Top of RECORDS TO PROCESS

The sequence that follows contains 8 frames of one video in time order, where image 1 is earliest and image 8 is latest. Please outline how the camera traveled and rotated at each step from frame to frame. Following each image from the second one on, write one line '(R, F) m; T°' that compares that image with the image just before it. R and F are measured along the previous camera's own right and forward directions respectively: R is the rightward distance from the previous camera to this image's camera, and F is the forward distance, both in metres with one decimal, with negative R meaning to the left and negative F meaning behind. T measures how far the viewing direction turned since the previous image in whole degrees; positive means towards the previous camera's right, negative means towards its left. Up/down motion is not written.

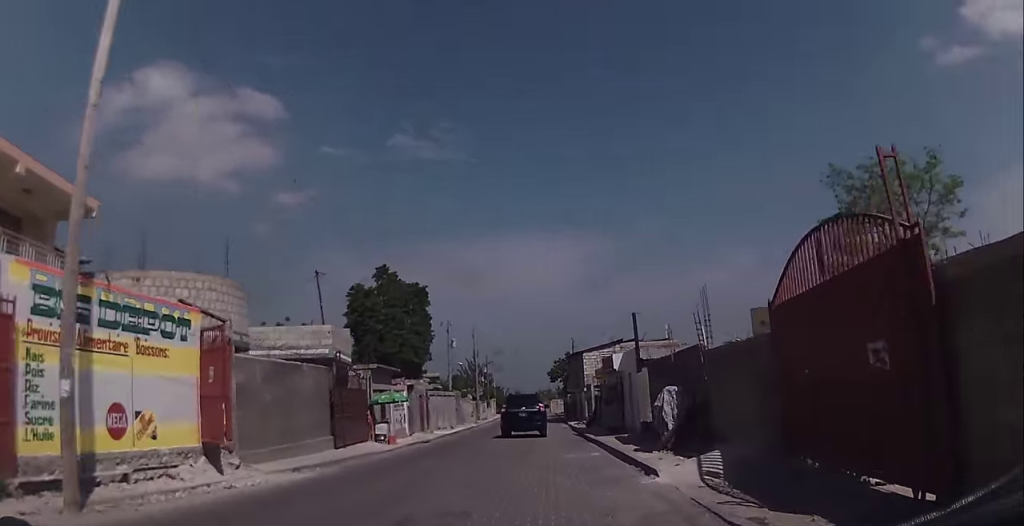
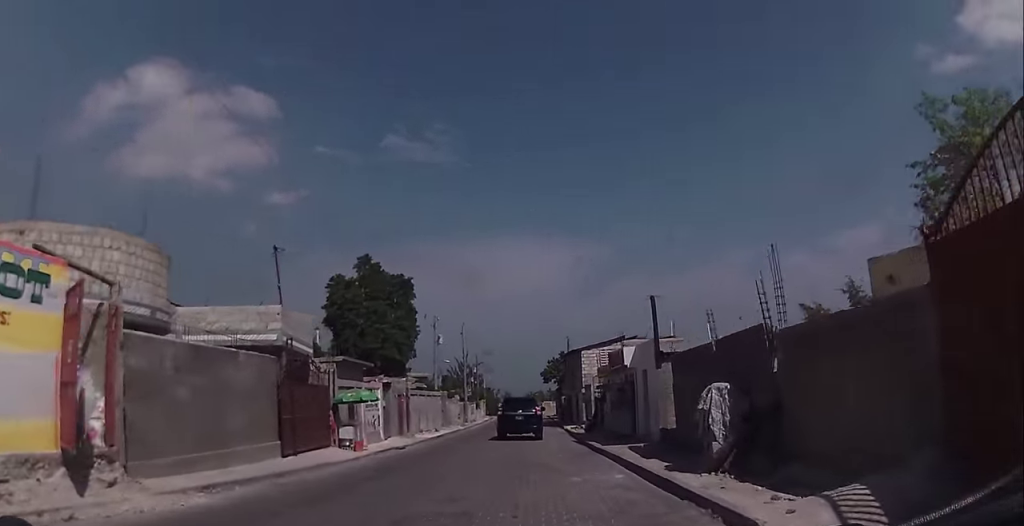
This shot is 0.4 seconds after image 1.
(0.0, +4.2) m; 0°
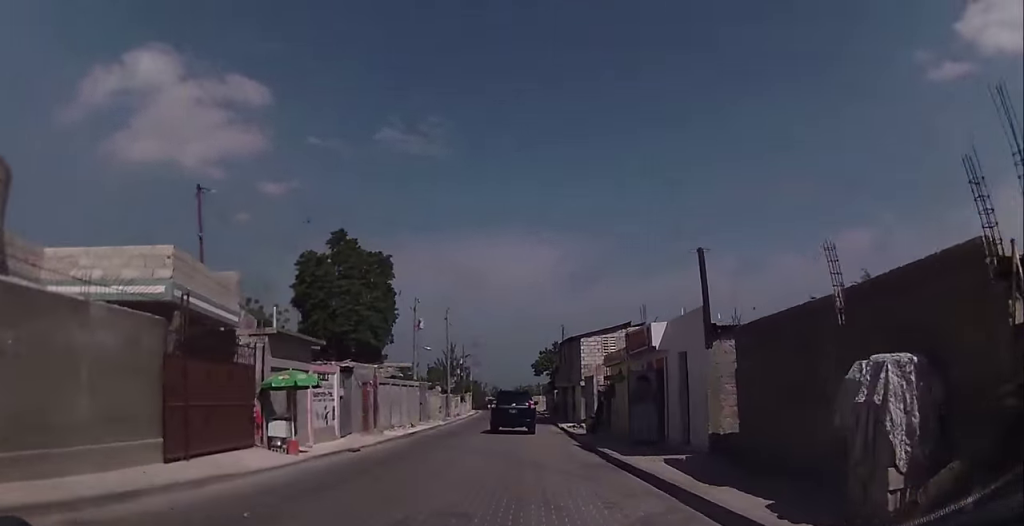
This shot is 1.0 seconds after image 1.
(0.0, +5.9) m; +2°
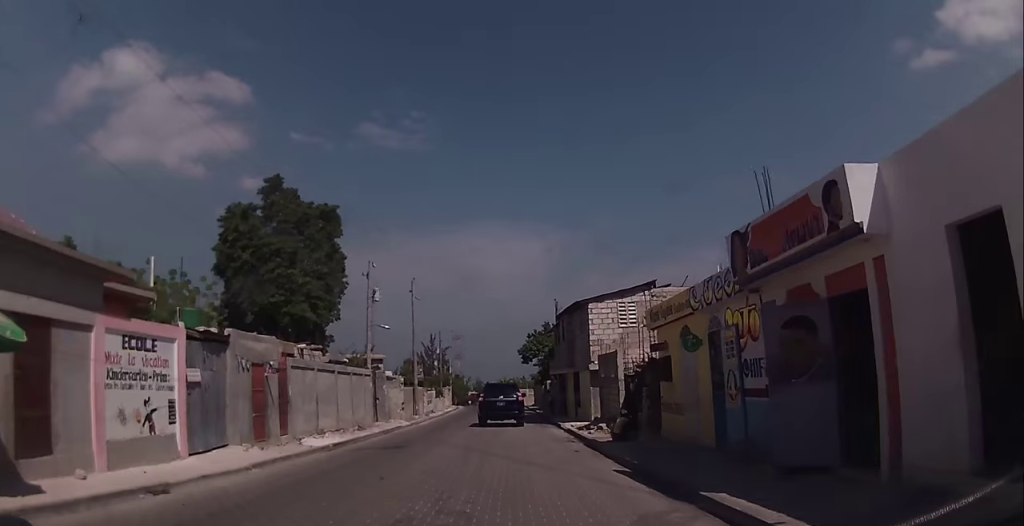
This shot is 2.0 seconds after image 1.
(+0.4, +11.1) m; +3°
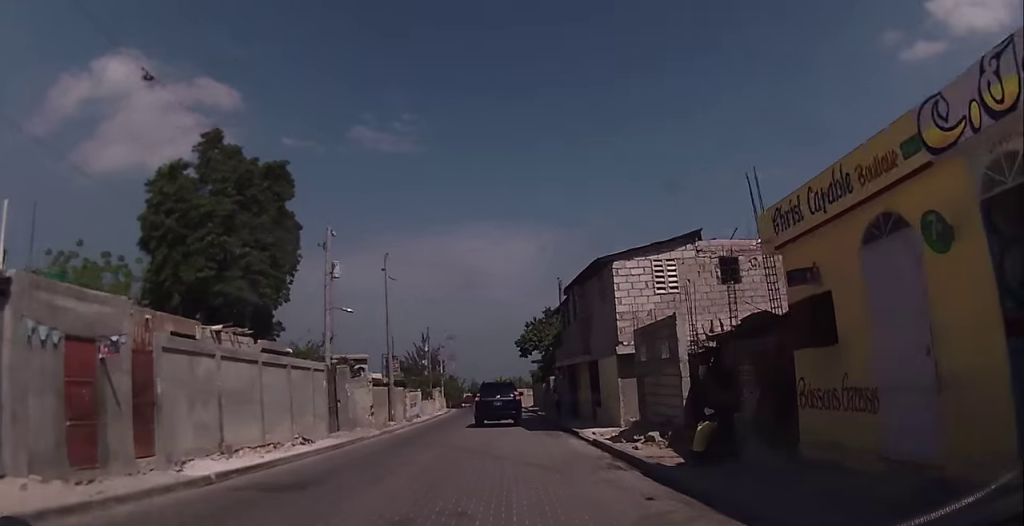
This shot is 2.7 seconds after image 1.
(+0.3, +7.8) m; +1°
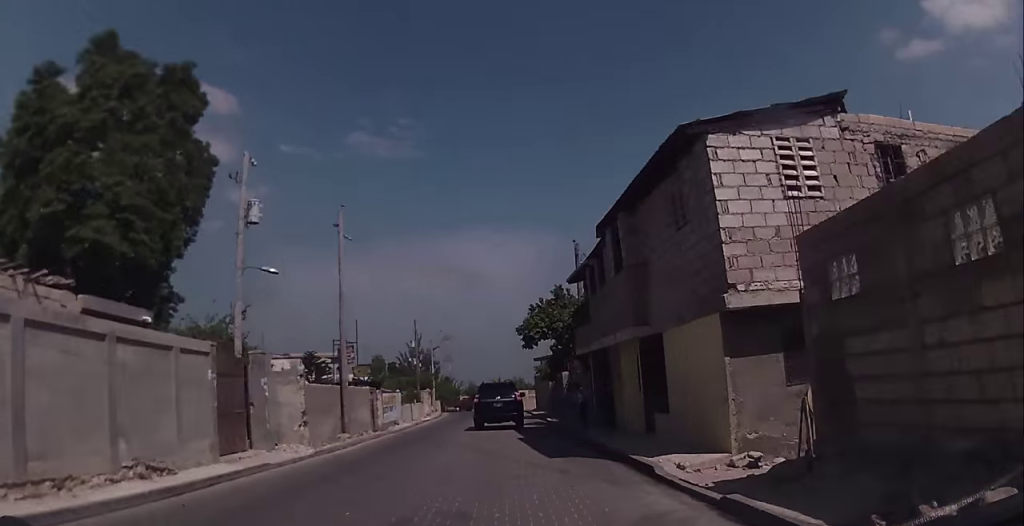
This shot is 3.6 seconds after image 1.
(-0.3, +10.1) m; -2°
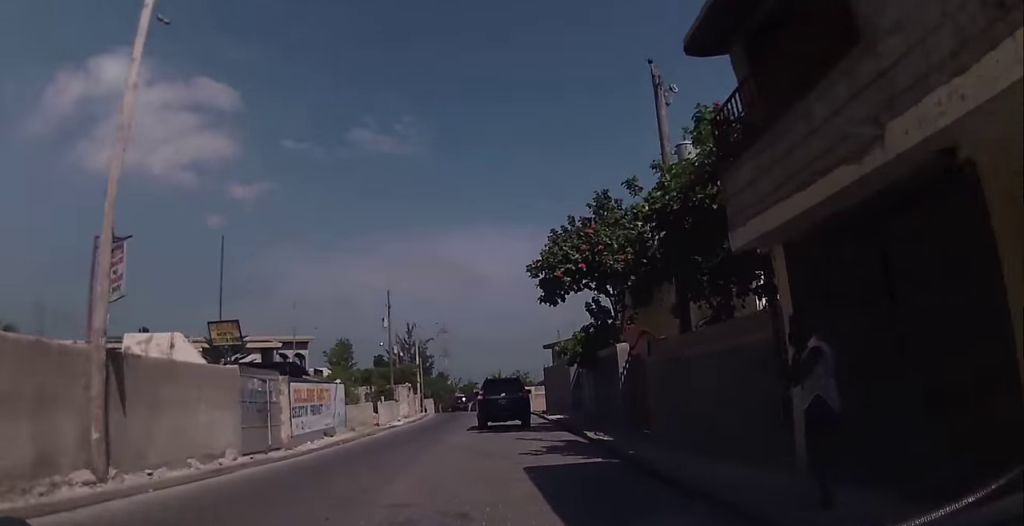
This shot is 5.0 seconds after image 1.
(0.0, +16.2) m; +1°
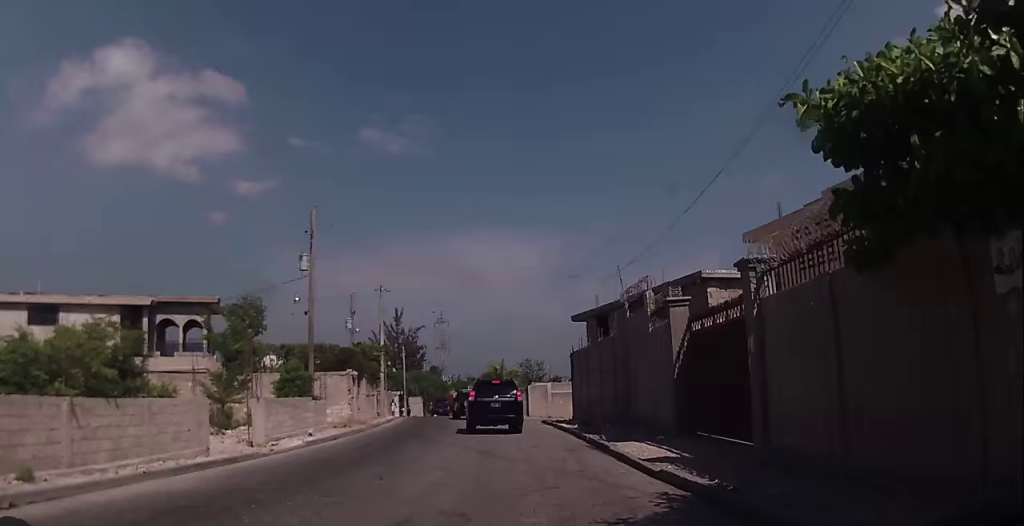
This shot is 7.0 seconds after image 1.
(+0.8, +22.2) m; +2°

Bottom of RECORDS TO PROCESS

§ WHAT YOU NEED TO DO
From the line containing "This shot is 3.6 seconds after image 1." to the final line above, both included, transcribe every line exactly and leave all pictures out.

§ COMPLETED TASK
This shot is 3.6 seconds after image 1.
(-0.3, +10.1) m; -2°
This shot is 5.0 seconds after image 1.
(0.0, +16.2) m; +1°
This shot is 7.0 seconds after image 1.
(+0.8, +22.2) m; +2°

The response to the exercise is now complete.